ACTIVITY
Would you count the lines of the listing that carry the word "data"? Give only the resulting number.
*-*-*
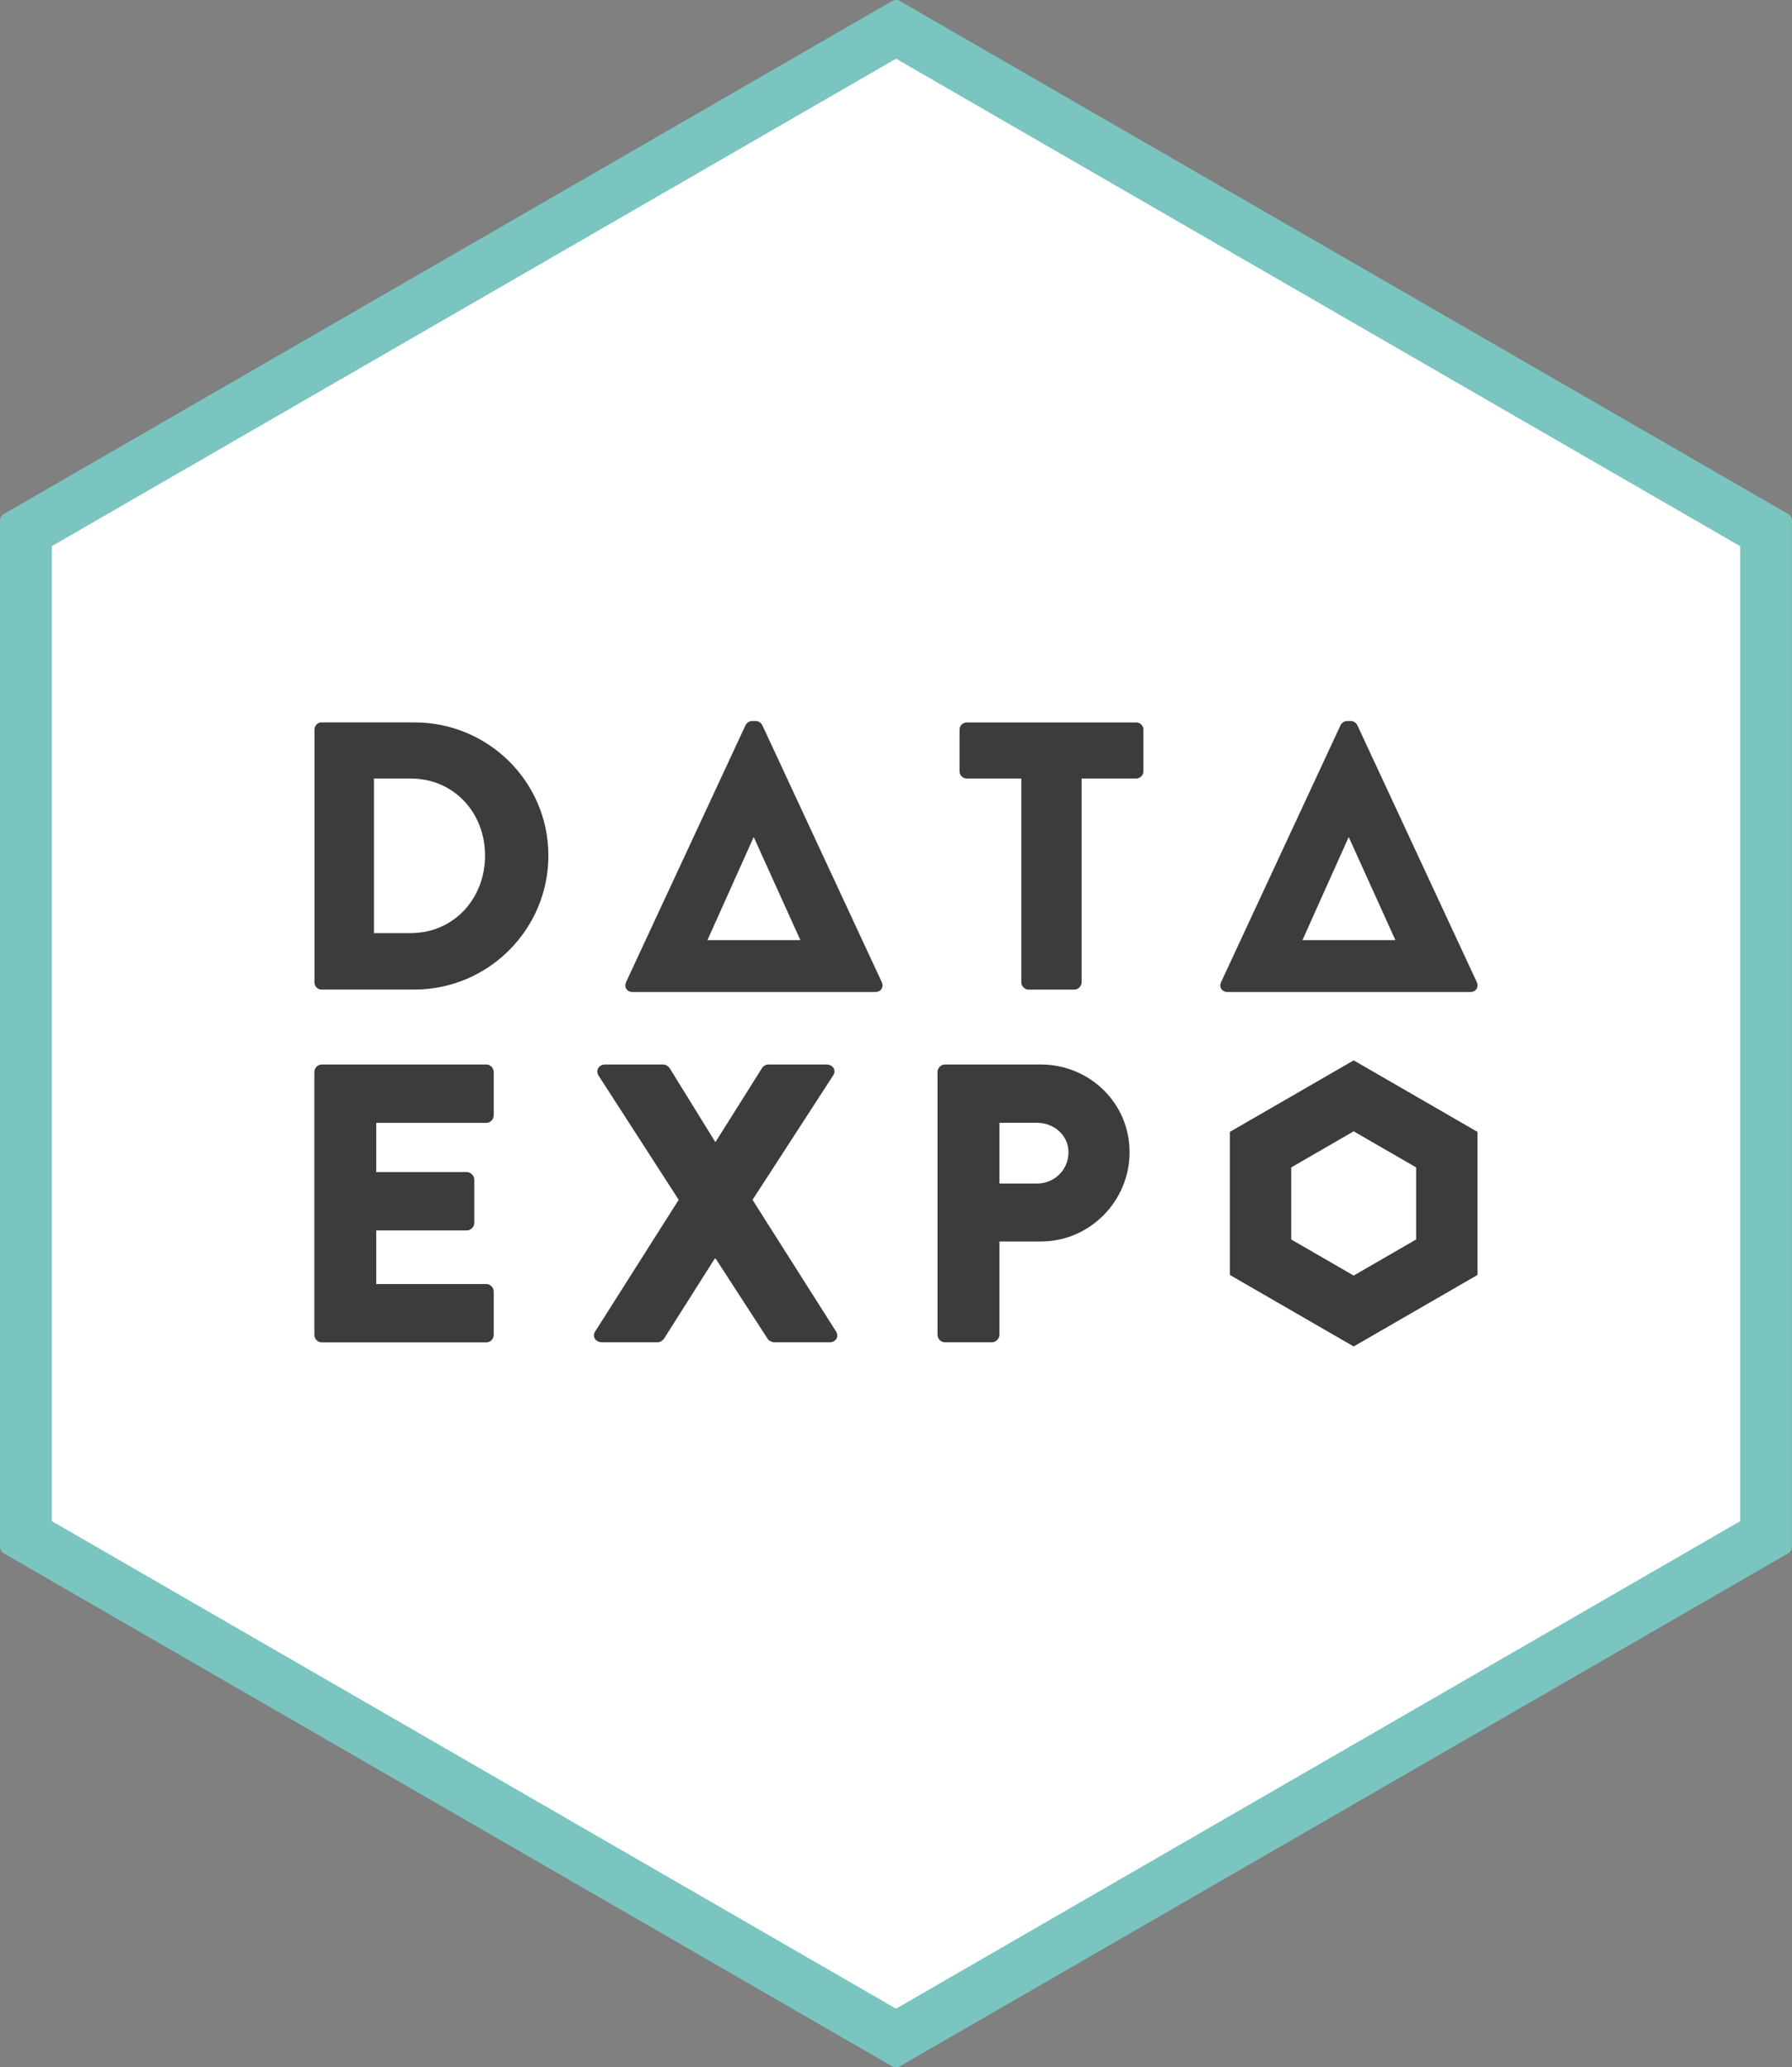 <?xml version="1.0" encoding="UTF-8"?>
<svg id="Layer_2" data-name="Layer 2" xmlns="http://www.w3.org/2000/svg" viewBox="0 0 334.39 385.67">
  <rect x="0" y="0" width="334.39" height="385.67" fill="#808080" stroke="none"/>
  <defs>
    <style>
      .cls-1 {
        fill: #fff;
      }

      .cls-2 {
        fill: #3c3c3b;
      }

      .cls-3 {
        fill: #7ac5bf;
      }
    </style>
  </defs>
  <g id="Laag_1" data-name="Laag 1">
    <g>
      <path class="cls-1" d="m167.2,377.88c-.55,0-1.09-.14-1.58-.42L8.1,286.51c-.98-.56-1.57-1.6-1.57-2.73V101.89c0-1.13.6-2.17,1.57-2.73L165.62,8.22c.49-.28,1.03-.42,1.58-.42s1.09.14,1.58.42l157.52,90.95c.98.56,1.57,1.6,1.57,2.73v181.89c0,1.13-.6,2.17-1.57,2.73l-157.52,90.94c-.49.28-1.03.42-1.58.42Z"/>
      <path class="cls-3" d="m167.2,10.95l157.52,90.95v181.89l-157.52,90.95L9.67,283.78V101.89L167.2,10.95m0-10.95c-.25,0-.5.06-.72.19L.72,95.89c-.45.26-.72.74-.72,1.26v191.39c0,.52.28,1,.72,1.26l165.75,95.69c.22.13.47.19.72.19s.5-.06.72-.19l165.75-95.69c.45-.26.72-.74.72-1.26V97.14c0-.52-.28-1-.72-1.26L167.92.19c-.22-.13-.47-.19-.72-.19h0Z"/>
      <g>
        <path class="cls-2" d="m77.33,134.77h-17.37c-.71,0-1.28.64-1.28,1.35v47.14c0,.71.57,1.35,1.28,1.35h17.37c13.75,0,25-11.18,25-24.99s-11.25-24.85-25-24.85Zm-.71,39.31h-6.84v-28.84h6.84c8.05,0,13.89,6.34,13.89,14.38s-5.84,14.46-13.89,14.46Zm87.92,9.14l-22.29-47.93c-.21-.43-.71-.78-1.21-.78h-.71c-.5,0-1,.36-1.21.78l-22.29,47.93c-.43.93.14,1.85,1.21,1.85h45.29c1.07,0,1.64-.93,1.21-1.85Zm-32.53-7.83l8.6-19.16h.07l8.67,19.16h-17.34Zm81.35-39.26v7.76c0,.71-.57,1.35-1.35,1.35h-10.18v38.03c0,.71-.64,1.35-1.35,1.35h-8.55c-.71,0-1.35-.64-1.35-1.35v-38.03h-10.18c-.78,0-1.35-.64-1.35-1.35v-7.76c0-.71.57-1.35,1.35-1.35h31.62c.78,0,1.35.64,1.35,1.35Zm61,48.94c1.07,0,1.64-.93,1.21-1.85l-22.29-47.93c-.21-.43-.71-.78-1.21-.78h-.71c-.5,0-1,.36-1.21.78l-22.29,47.93c-.43.93.14,1.85,1.21,1.85h45.29Zm-22.72-28.84h.07l8.67,19.16h-17.34l8.6-19.16Z"/>
        <path class="cls-2" d="m194.2,198.59h-17.85c-.81,0-1.41.67-1.41,1.41v49.01c0,.74.59,1.41,1.41,1.41h8.74c.74,0,1.41-.67,1.41-1.41v-17.4h7.77c9.03,0,16.51-7.48,16.51-16.66s-7.48-16.36-16.58-16.36Zm-.67,22.21h-7.03v-11.33h7.03c3.18,0,5.85,2.37,5.85,5.48,0,3.33-2.67,5.85-5.85,5.85Zm-66.88,3.04l-14.96-23.18c-.59-.96,0-2.07,1.26-2.07h10.81c.52,0,.96.37,1.19.67l8.51,13.77h.07l8.66-13.77c.15-.3.66-.67,1.19-.67h10.81c1.26,0,1.93,1.11,1.26,2.07l-15.03,23.18,15.55,24.51c.67,1.04,0,2.07-1.19,2.07h-10.29c-.44,0-1.04-.3-1.26-.67l-9.7-14.96h-.15l-9.48,14.96c-.22.3-.66.67-1.26.67h-10.29c-1.26,0-1.93-1.11-1.26-2.07l15.55-24.51Zm-67.99-23.84c0-.74.59-1.41,1.41-1.41h30.65c.81,0,1.41.67,1.41,1.41v8.07c0,.74-.59,1.41-1.41,1.41h-20.51v9.18h16.88c.74,0,1.41.66,1.41,1.41v8.07c0,.81-.67,1.41-1.41,1.41h-16.88v10h20.51c.81,0,1.41.67,1.41,1.41v8.07c0,.74-.59,1.41-1.41,1.41h-30.65c-.81,0-1.41-.67-1.41-1.41v-49.01Zm216.95,11.11l-22.91-13.23s-.07-.03-.1-.03-.07,0-.1.03l-22.91,13.23c-.06.04-.1.1-.1.17v26.46c0,.07.04.14.1.17l22.91,13.23s.07.03.1.03.07,0,.1-.03l22.91-13.23c.06-.04.1-.1.1-.17v-26.46c0-.07-.04-.14-.1-.17Zm-11.36,20.13l-11.65,6.73-11.65-6.73v-13.45l11.65-6.73,11.65,6.73v13.45Z"/>
      </g>
    </g>
  </g>
</svg>
*-*-*
REPLY TO THE TASK
2